Aim of the task >>
Repeat the records exactly, minus the pictures.
***** Supplied entries *****
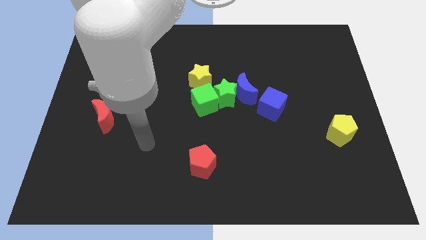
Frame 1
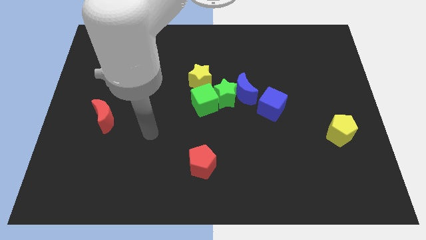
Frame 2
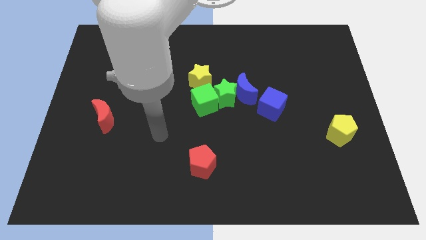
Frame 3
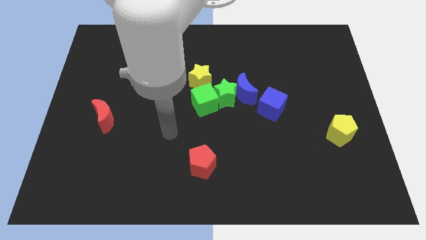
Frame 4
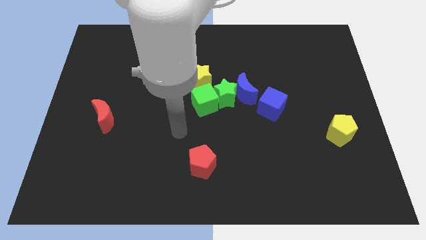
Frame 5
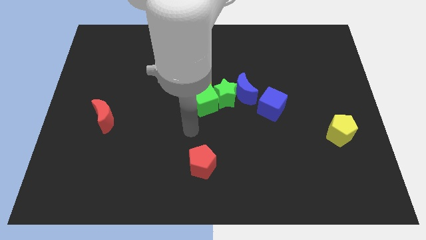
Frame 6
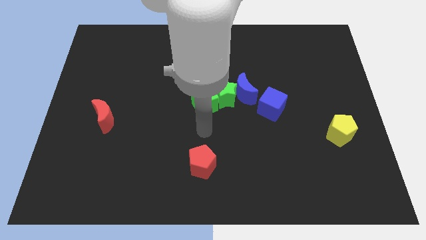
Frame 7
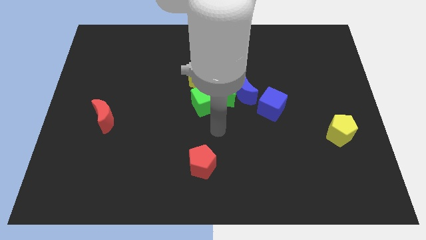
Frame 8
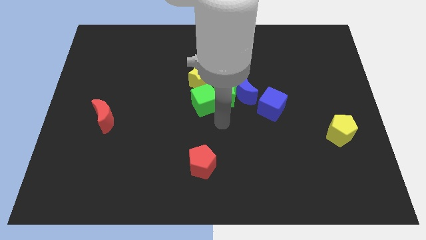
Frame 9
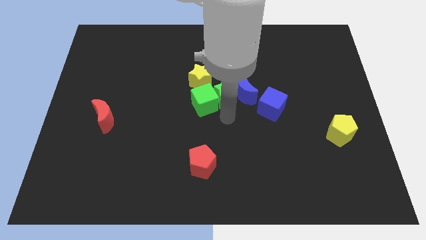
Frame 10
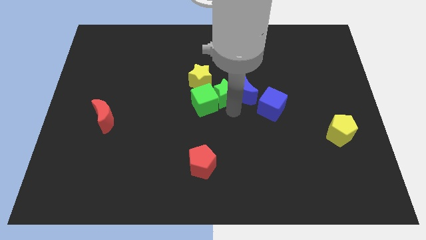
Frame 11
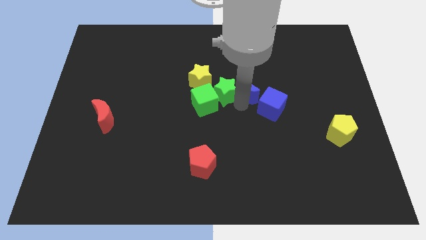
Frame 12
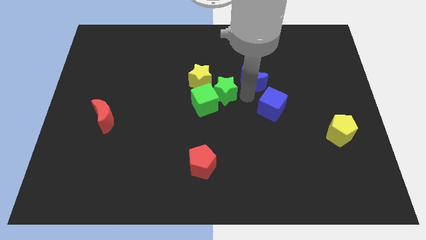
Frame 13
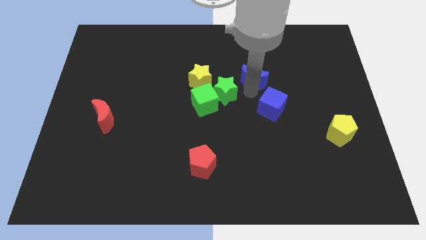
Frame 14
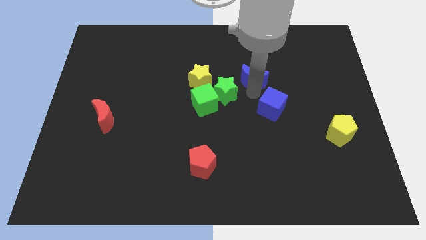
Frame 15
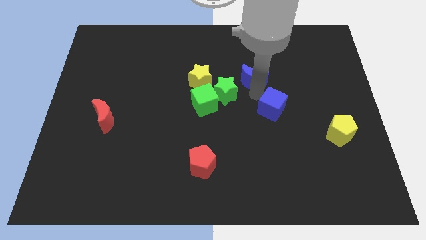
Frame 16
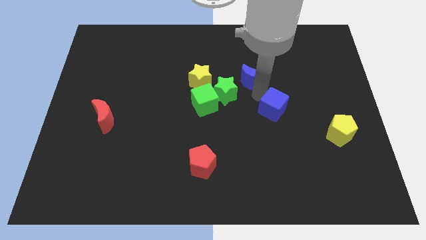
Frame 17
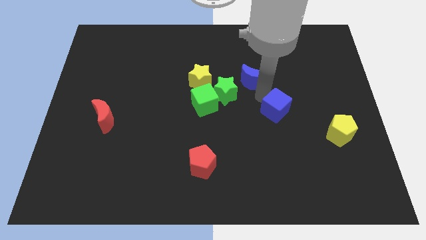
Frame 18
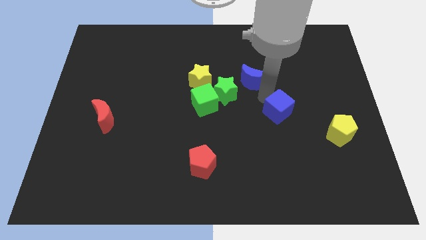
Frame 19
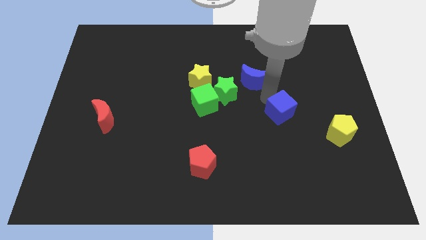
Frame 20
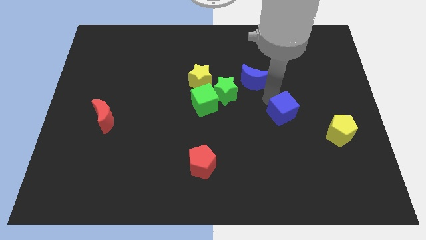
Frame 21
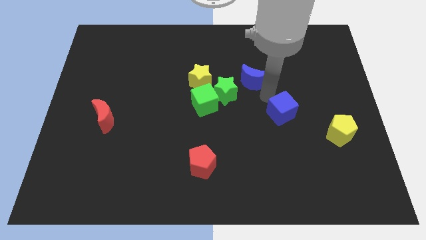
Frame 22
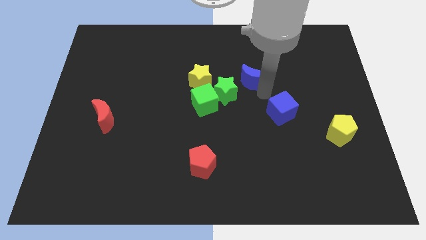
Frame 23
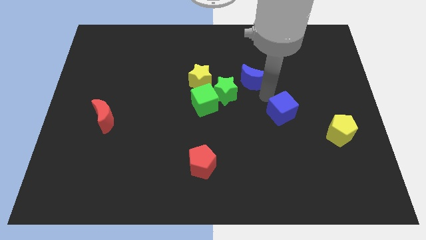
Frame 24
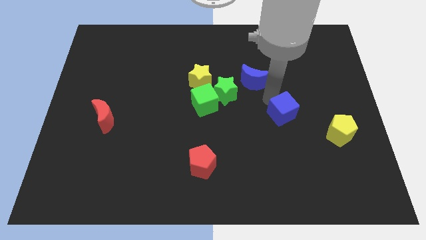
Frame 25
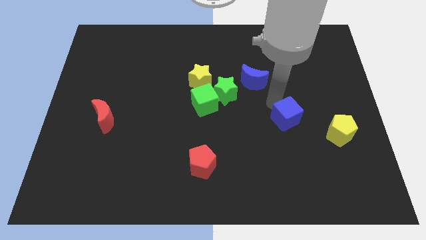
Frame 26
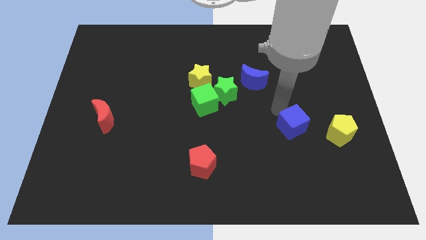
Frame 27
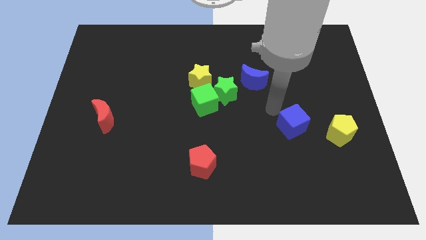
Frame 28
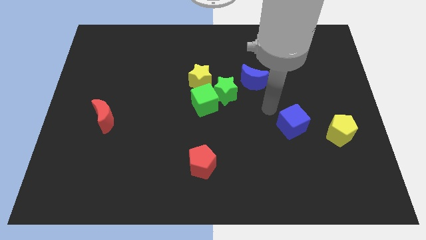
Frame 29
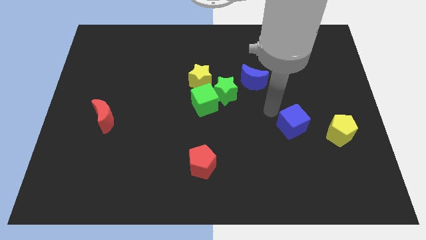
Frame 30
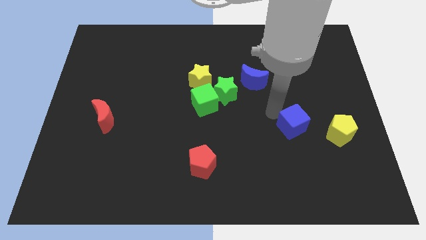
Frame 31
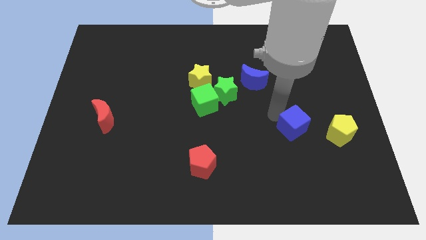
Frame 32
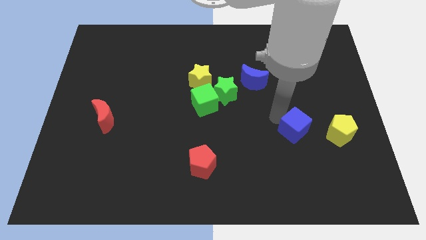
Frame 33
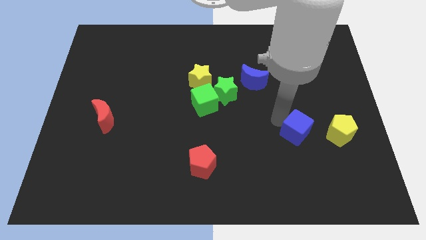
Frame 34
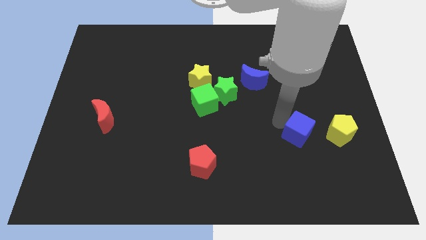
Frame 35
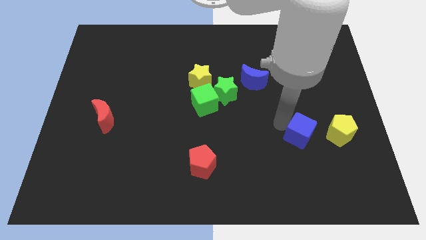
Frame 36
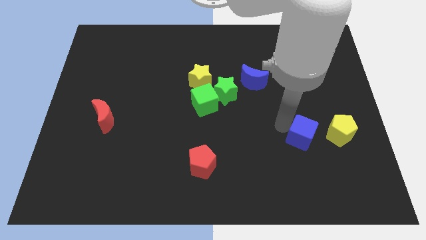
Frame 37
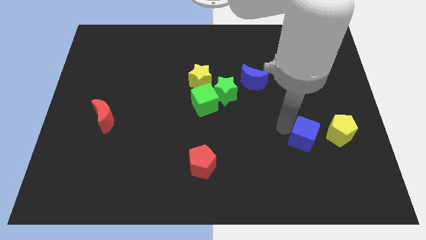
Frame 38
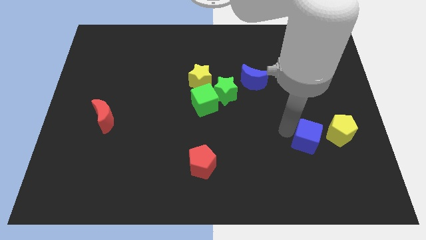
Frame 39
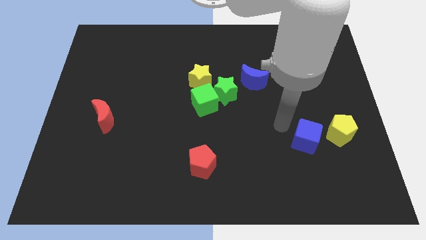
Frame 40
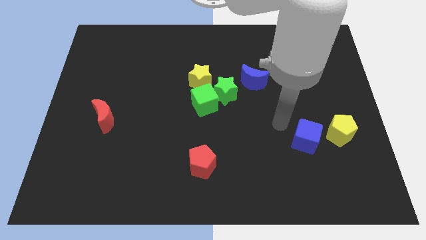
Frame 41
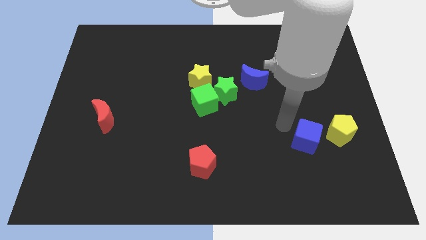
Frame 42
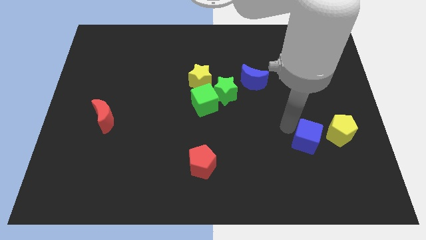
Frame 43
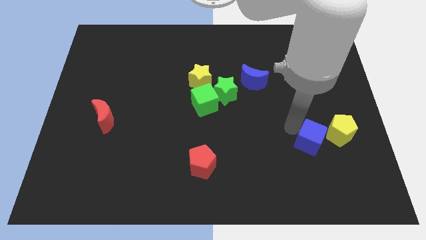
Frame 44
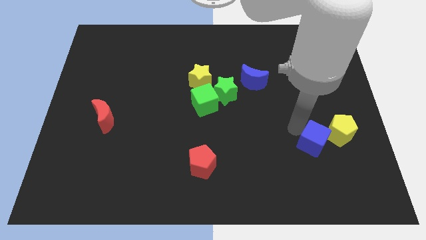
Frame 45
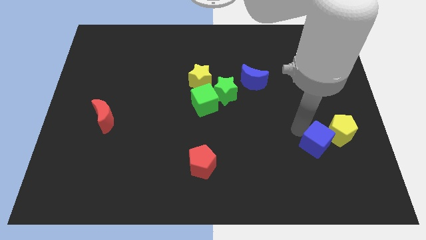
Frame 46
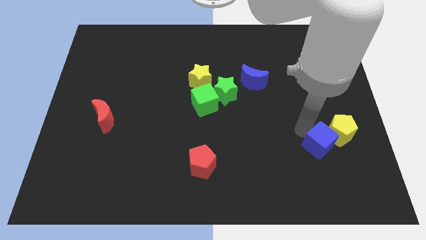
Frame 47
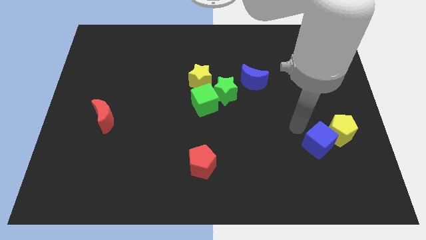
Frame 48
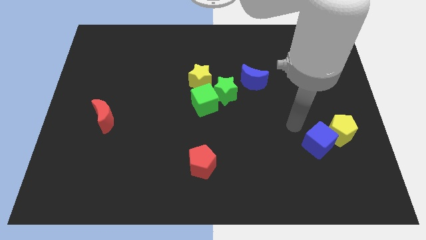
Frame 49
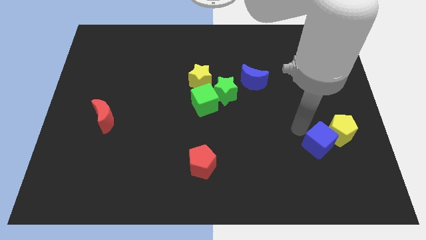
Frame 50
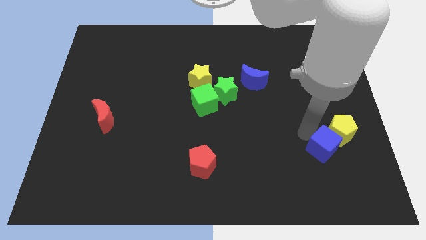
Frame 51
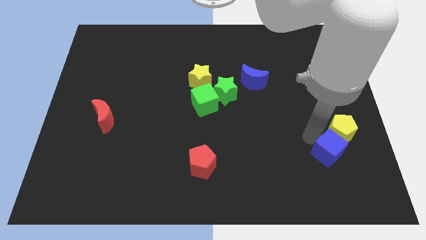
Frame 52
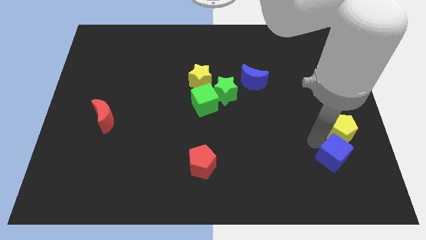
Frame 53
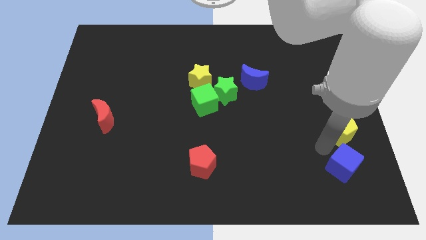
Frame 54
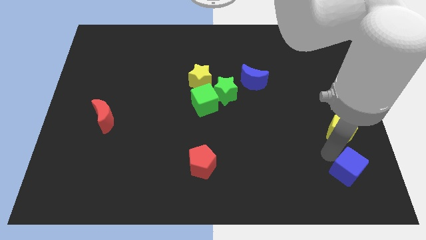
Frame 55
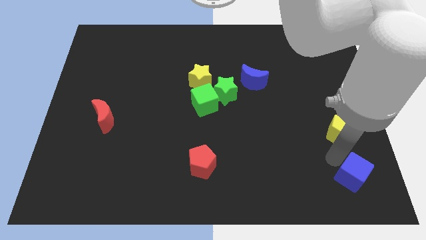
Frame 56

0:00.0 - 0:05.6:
*****
Output for this task >>
Frame 1
Frame 2
Frame 3
Frame 4
Frame 5
Frame 6
Frame 7
Frame 8
Frame 9
Frame 10
Frame 11
Frame 12
Frame 13
Frame 14
Frame 15
Frame 16
Frame 17
Frame 18
Frame 19
Frame 20
Frame 21
Frame 22
Frame 23
Frame 24
Frame 25
Frame 26
Frame 27
Frame 28
Frame 29
Frame 30
Frame 31
Frame 32
Frame 33
Frame 34
Frame 35
Frame 36
Frame 37
Frame 38
Frame 39
Frame 40
Frame 41
Frame 42
Frame 43
Frame 44
Frame 45
Frame 46
Frame 47
Frame 48
Frame 49
Frame 50
Frame 51
Frame 52
Frame 53
Frame 54
Frame 55
Frame 56

0:00.0 - 0:05.6:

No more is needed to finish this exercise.